A segment override can change the source for movsw from DS:SI to CS:SI. (The destination of ES:DI can't be overriden).

(update: on original 8086/8088, there was a hardware "bug" / anomaly: on resuming from an interrupt that happened during a REP-string instruction, IP would point to the last prefix of an instruction, not the first. So depending on the encoding, cs rep movsw would either decode as rep movsw or cs movsw. See @MichaelPetch's comments, and https://www.pcjs.org/pubs/pc/reference/intel/8086/ for more 8086 errata and anomalies that have been fixed in later x86 CPUs.)
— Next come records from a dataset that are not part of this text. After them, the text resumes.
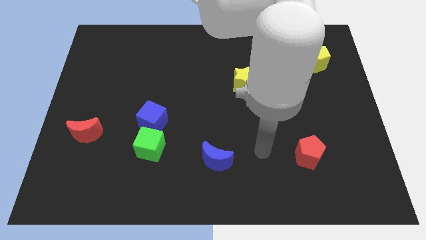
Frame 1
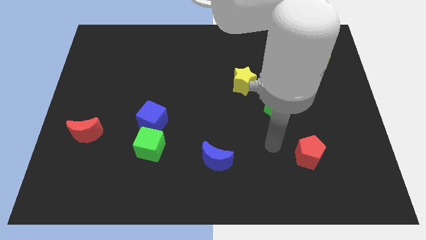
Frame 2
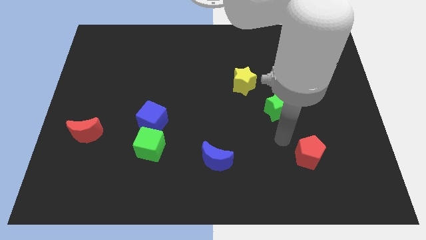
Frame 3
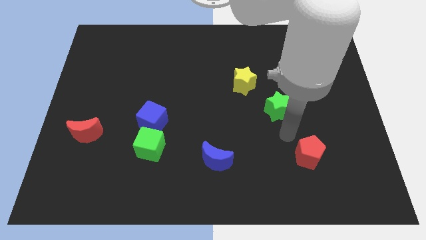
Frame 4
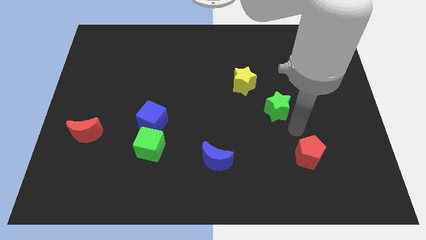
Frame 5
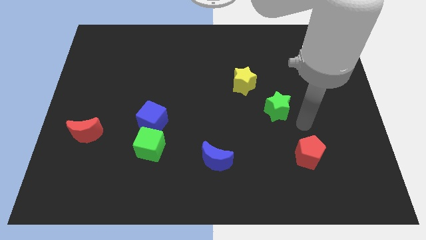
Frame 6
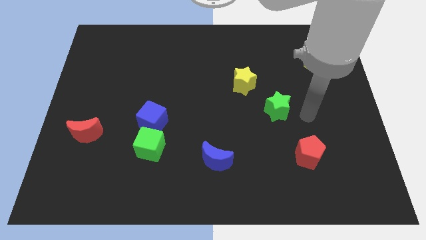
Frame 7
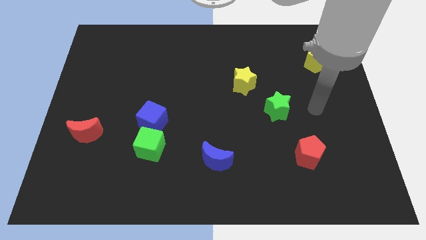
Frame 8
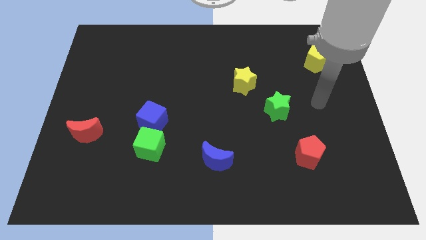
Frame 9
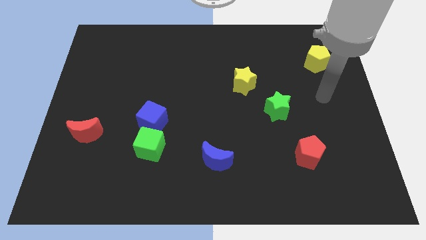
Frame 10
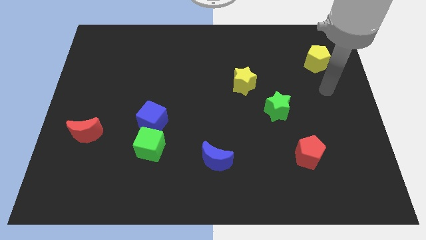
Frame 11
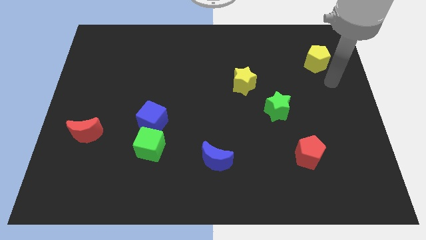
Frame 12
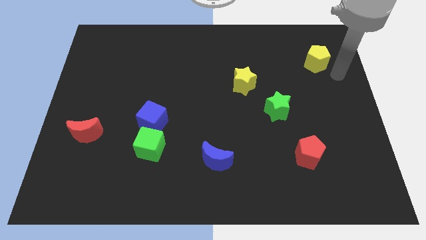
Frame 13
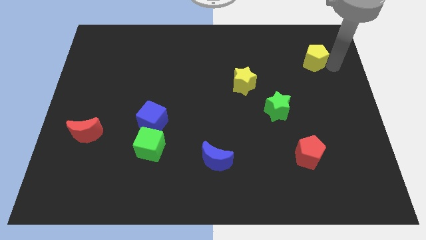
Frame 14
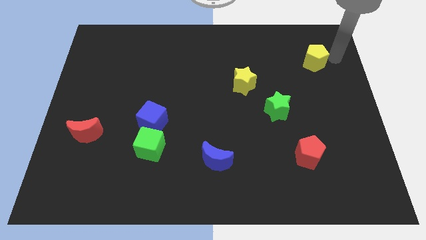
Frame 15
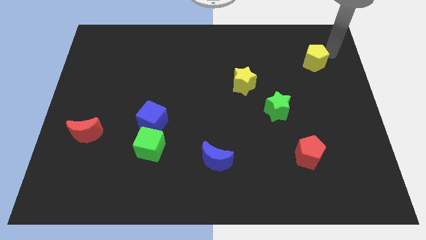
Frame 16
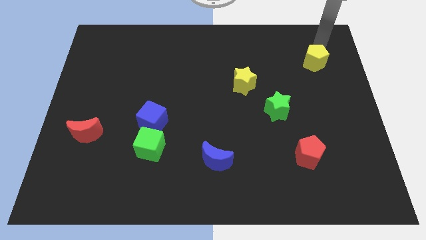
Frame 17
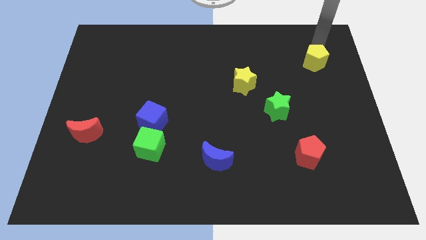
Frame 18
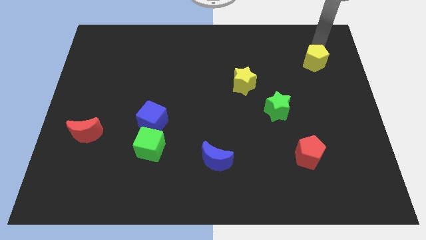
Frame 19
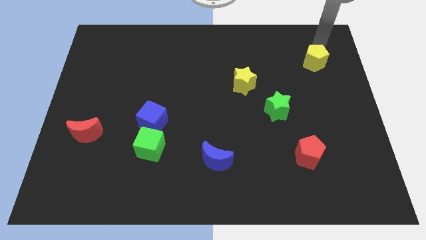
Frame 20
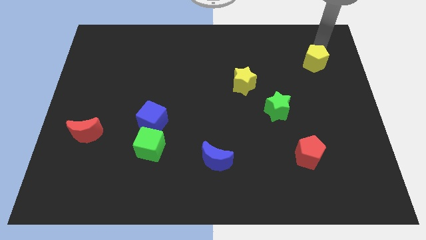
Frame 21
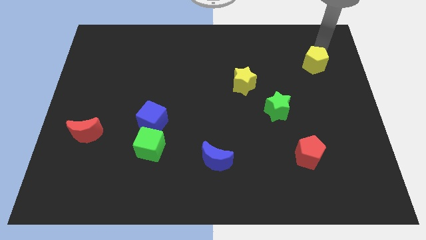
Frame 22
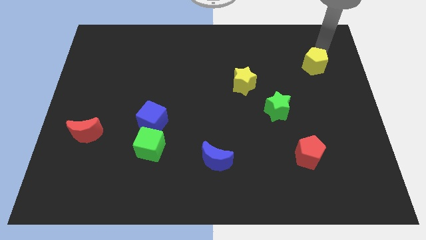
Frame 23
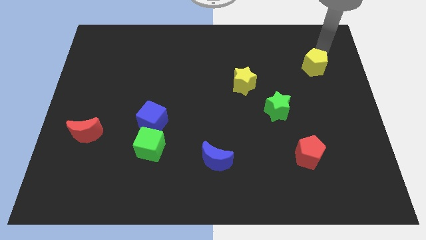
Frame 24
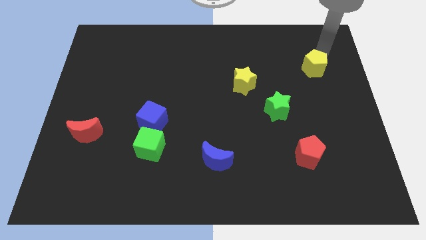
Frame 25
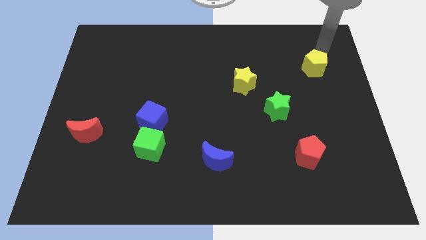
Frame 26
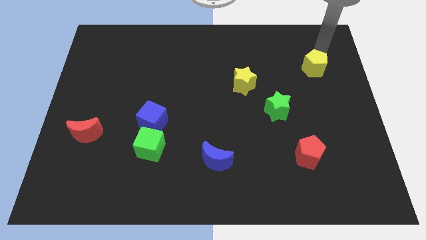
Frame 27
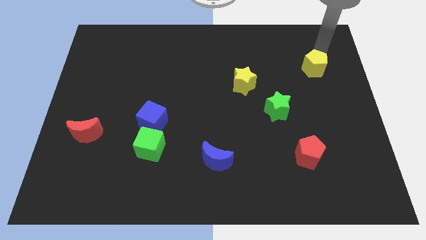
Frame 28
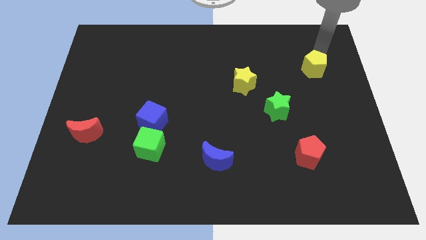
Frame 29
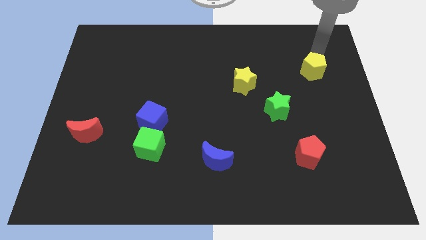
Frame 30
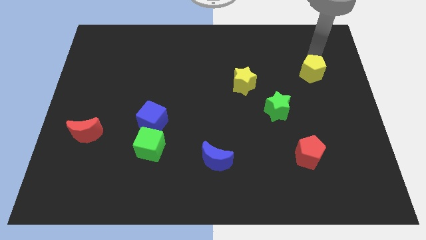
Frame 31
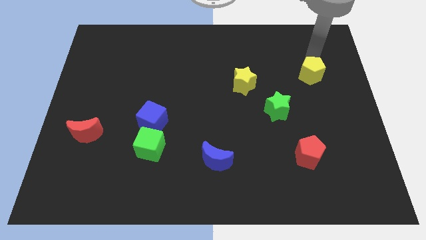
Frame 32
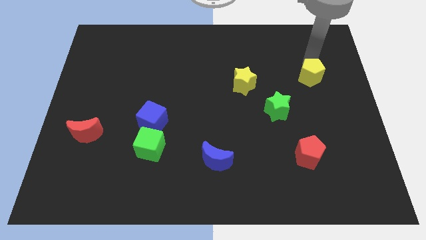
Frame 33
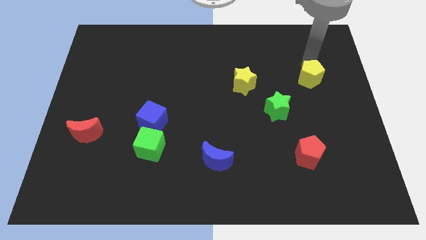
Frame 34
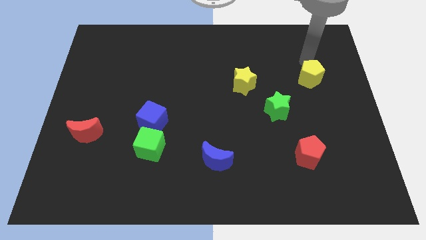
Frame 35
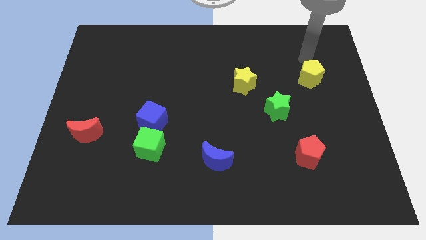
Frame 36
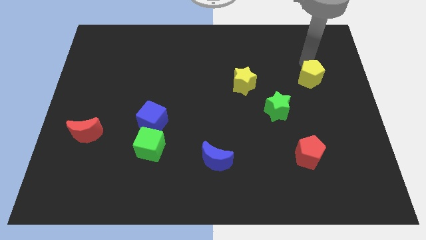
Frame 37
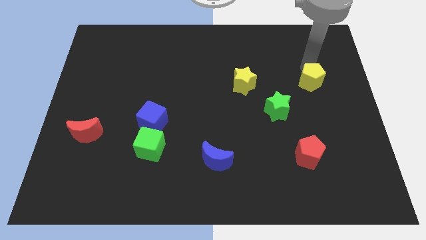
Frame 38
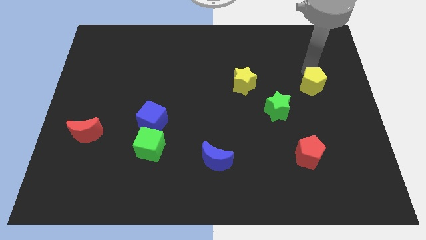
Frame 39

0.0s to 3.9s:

This code is doing a memcpy(dst, code_segment, sizeof(code_segment)), where the dst segment:offset is (BX + 16):0. The instructions before rep movsw set up DS = BX+16 and set DI=0.

Then the code jumps to the new location, using a far ret after pushing the destination segment (ES) and an offset within it. (push offset SECONDRELOCATION would work, but only on 186+. This DOS code needs to maintain backwards compat with 8086, unfortunately.)

Apparently this assembler doesn't support syntax like ret far or retf, so they have to assemble a far ret instruction by declaring a proc far around the ret instruction. AAA is a very weird name for that proc, because aaa is also a valid x86 instruction mnemonic (ASCII Adjust after Addition).

So execution continues at the SECONDRELOCATION: label in the copy of the code we just made.


(size+1) / 2 rounds up to a whole number of words, unless the size wraps in which case it copies zero bytes instead of 64k. (Unlike loop, rep checks the count before executing once.)

Doing the shr at runtime is also dumb, and could have been done at assemble time using something like mov cx, (offset endcode - startcode + 1) / 2. (You probably can't divide an offset result by 2, but you can find the distance between two labels in the same section at assemble time.)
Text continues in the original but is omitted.